Elegant as it is, however, Nike's new store risks playing like an arthouse movie between a cineplex and a porno palace. 57th Street's growing, disposable-income theme park offers formidable competition: The Warner Bros. Store directly across the street, for instance, invites its customers to play with lightning machines, while Wile E. Coyote morphs in an environment packed with every purchasable version of Bugs Bunny and his mates imaginable (given the extra marketing push by the wabbit's newest costar: Nike Guy Michael Jordan). Just around the corner, the Disney Store presents a pre-pubescent multiple orgasm of stuffed Pooh Bears and Pocahantas dolls heaped in a fest of swollen architectural forms. Even traditionally highbrow Gucci has joined midtown's new market of mediation, presenting its new line of seriously scanty evening wear via peek-a-boo videos visible through water-filled clefts in its storefront windows.

These stores may only be crasser versions of the "retail theater" Nike itself invented six years ago when it introduced sound effects and video broadcasts in its first store in Portland, but they're keeping the heat on. Nike Town New York will have to clear an estimated $10 million just to stay flush with its landlord, Donald Trump. And even Nike spokesman Lee Weinstein admits the other Nike Towns across the country, despite their popularity, have not been "wildly profitable."

Yet if there's any doubt the company plans to stay ahead of the pack, keep your eye on the clock — the giant digital one in the rafters of the store's 60-foot-high atrium.

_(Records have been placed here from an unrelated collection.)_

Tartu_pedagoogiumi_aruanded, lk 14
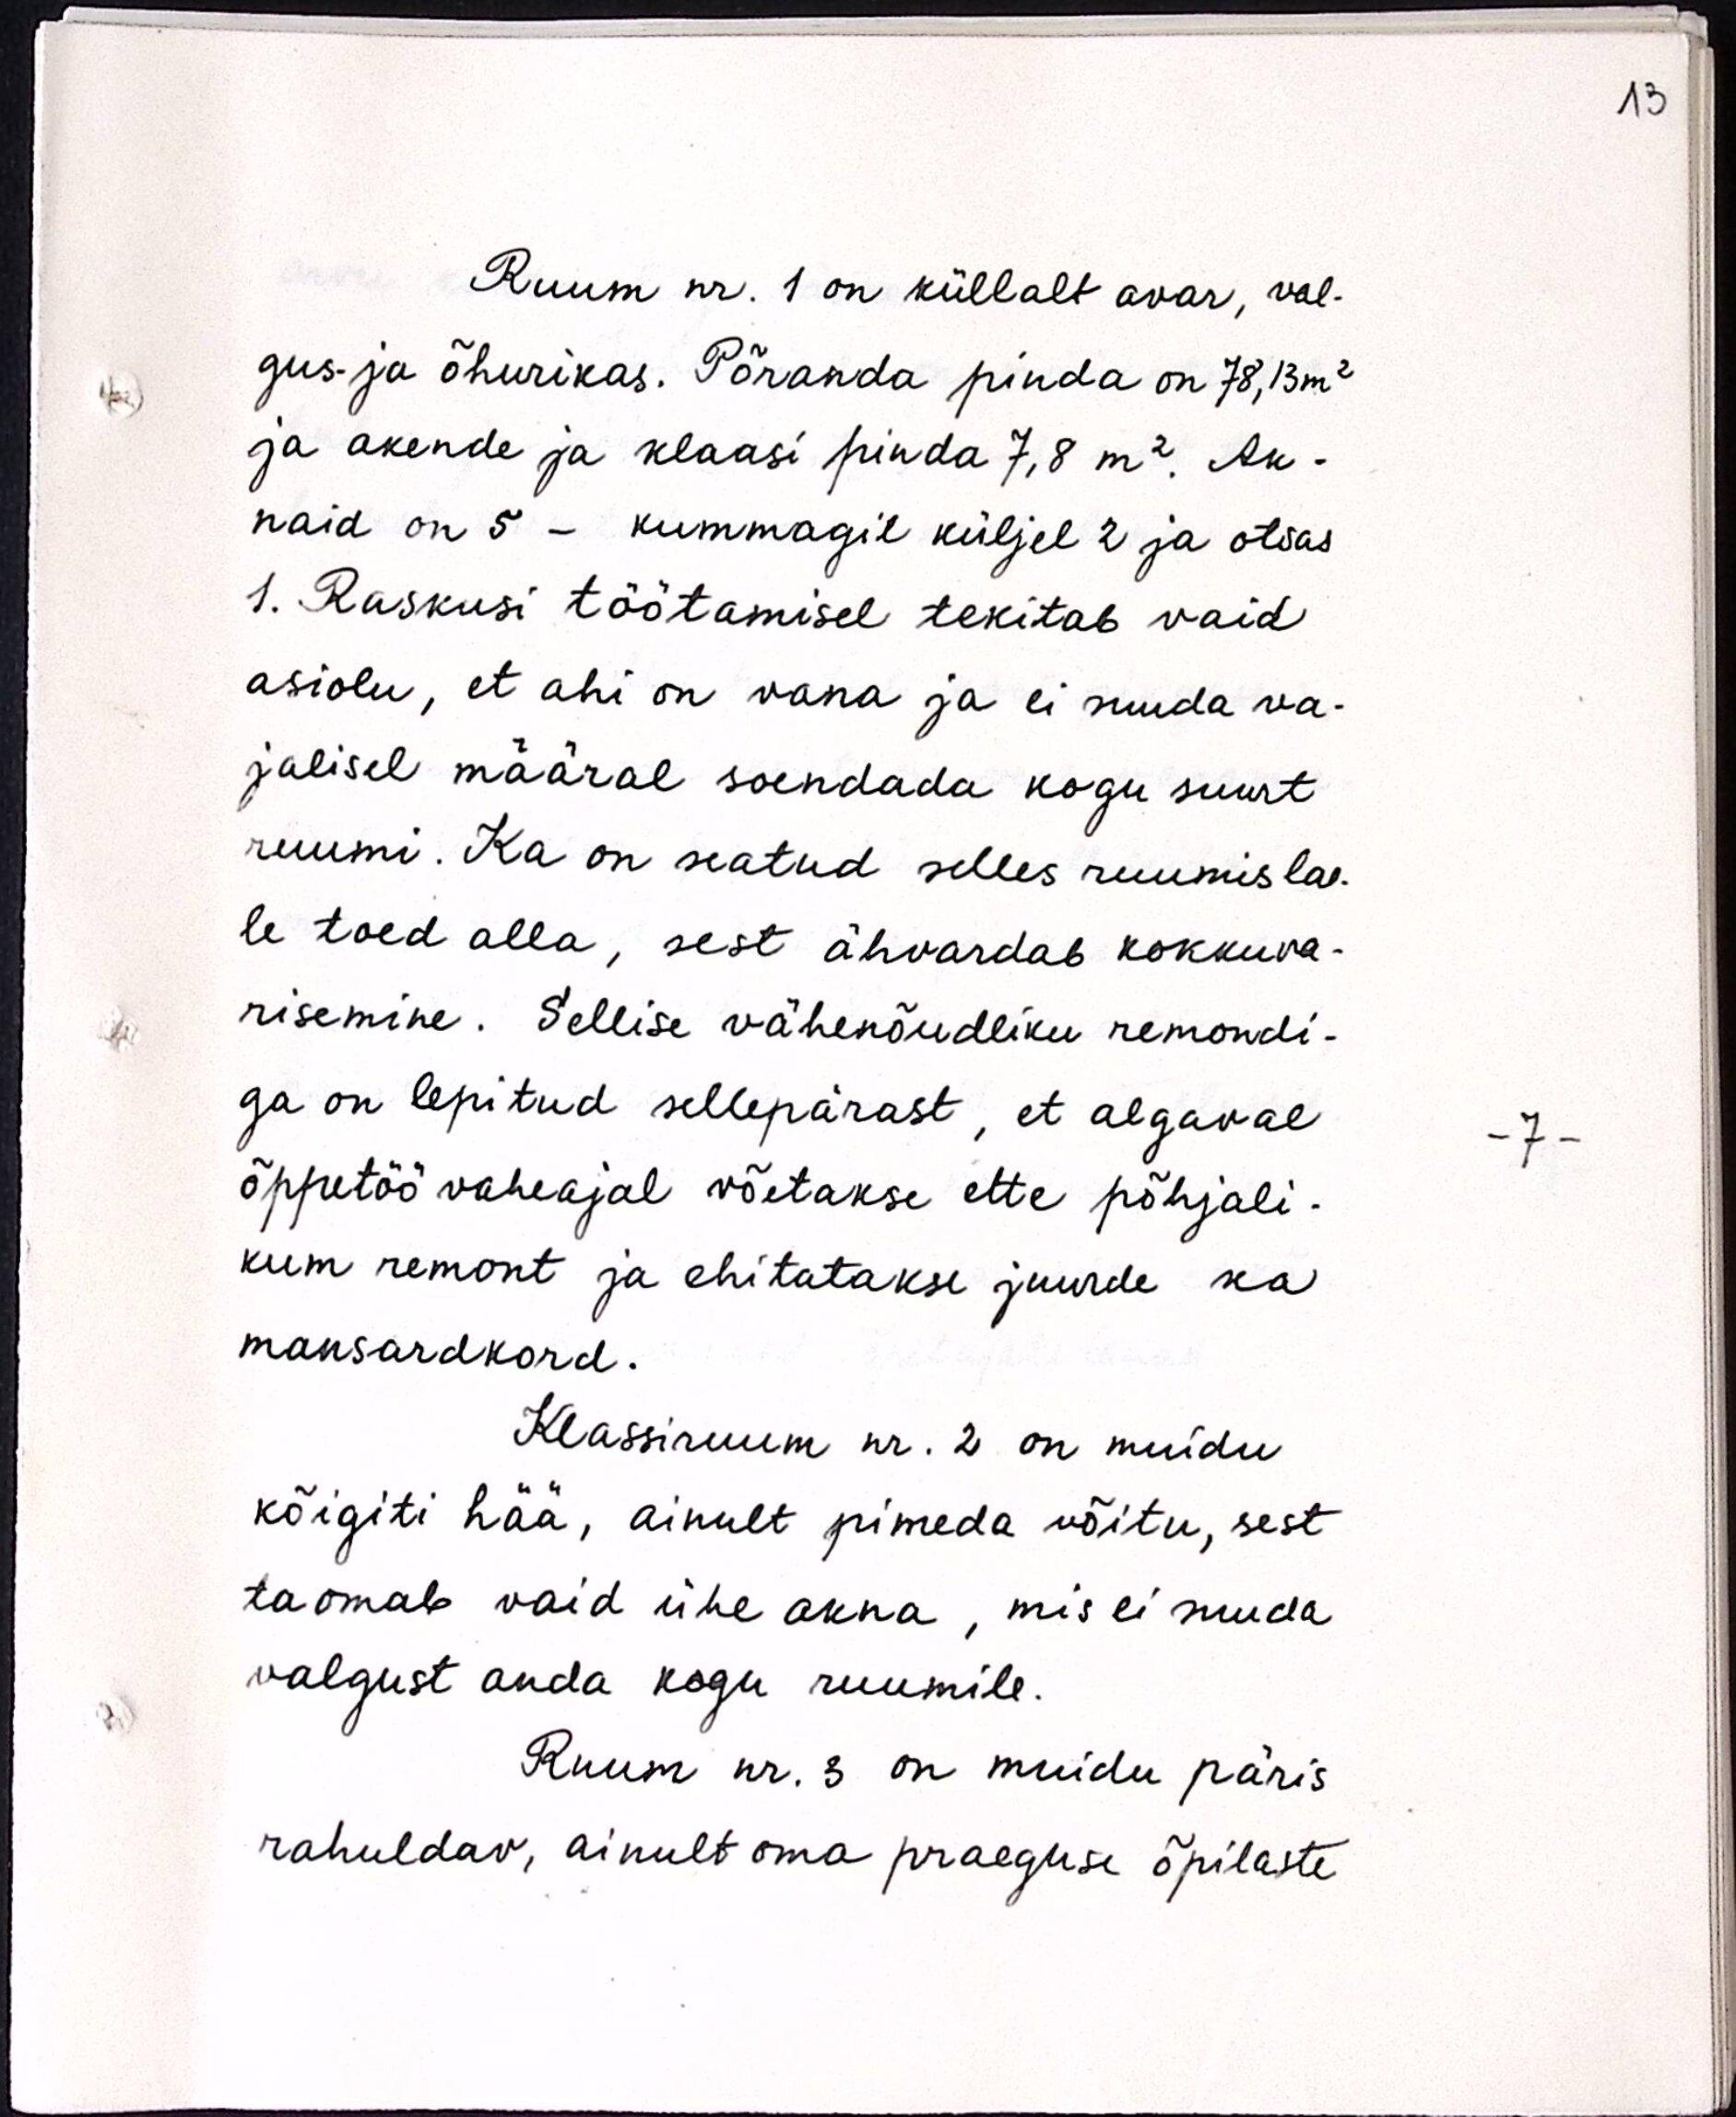
Ruum nr. 1 on küllalt avar, val-
gus- ja õhurikas. Põranda pinda on 78,13m2
ja akende ja klaasi pinda 7,8 m2. Ak-
naid on 5 - kummagil küljel 2 ja otsas
1. Raskusi töötamisel tekitab vaid
asiolu, et ahi on vana ja ei suuda va-
jalisel määral soendada kogu suurt
ruumi. Ka on seatud selles ruumislae-
le toed alla, sest ähvardab kokkuva-
risemine. Sellise vähenõudliku remondi-
ga on lepitud sellepärast, et algaval
õppetöövaheajal võetakse ette põhjali-
kum remont ja ehitatakse juurde ka
mansardkord.
Klassiruum nr. 2 on muidu
kõigiti hää, ainult pimeda võitu, sest
ta omab vaid ühe akna, mis ei suuda
valgust anda kogu ruumile.
Ruum nr. 3 on muidu päris
rahuldav, ainult oma praeguse õpilaste

Showcasing the kind of championship moves with which the company sold $6.5 billion worth of products globally last year, Nike begins a competition-crushing rally every twenty minutes when the clock shows one minute left.

The aerobically relentless electro-pop pulsing throughout the store is suddenly replaced by seductive tribal drumming and soccer chants. A 50-foot screen slowly descends as a kaleidoscopic light show draws the customers to the balconies overlooking the central atrium.
As the game clock hits zero, six video projectors begin a montage of winning moments by Nike's team of world-class athletes, intermingled with picturesque images of mere mortals giving their best in every sport from jogging to wheelchair racing. Electric guitars and gravely voices find a soaring midpoint between grunge and chorale. Sense-surround cheers from packed stadiums gust from speakers slyly hidden behind the rapt customers as a narrator intones a no-nonsense invitation to join the "cult of physicality" or be left as "guilty bystanders . . . squeaking in the face of challenge."

As the music fades and the screen rolls back up, the assembled crowds know what they now just have to do.

For the Main Main of the world, Nike has propelled "retail theater" into the realm of opera or, perhaps more accurately, a capitalist version of what the 19th-century Germans called Richard Wagner's soaring multi-media extravaganzas: the gesamtkunstwerk — "total artwork."

Much as Wagner blended nostalgia and modernity to create a powerful new theater, Nike has fashioned an art of persuasion in which the act of buying a shoe has become a vote for the infinite possibilities of physical achievement.

If the Wagnerian parallel seems like a Jordan-esque leap of logic, consider the fact that Nike Town Chicago has overpowered Navy Pier, Lincoln Park Zoo and the Chicago Art Institute as that city's most popular attraction every year since it opened in 1992. And then — if this development seems a little ominous — ponder the potential Nikeian parallels in Debussy's post-mortem on Wagner's legacy: "a beautiful sunset that was mistaken for a dawn."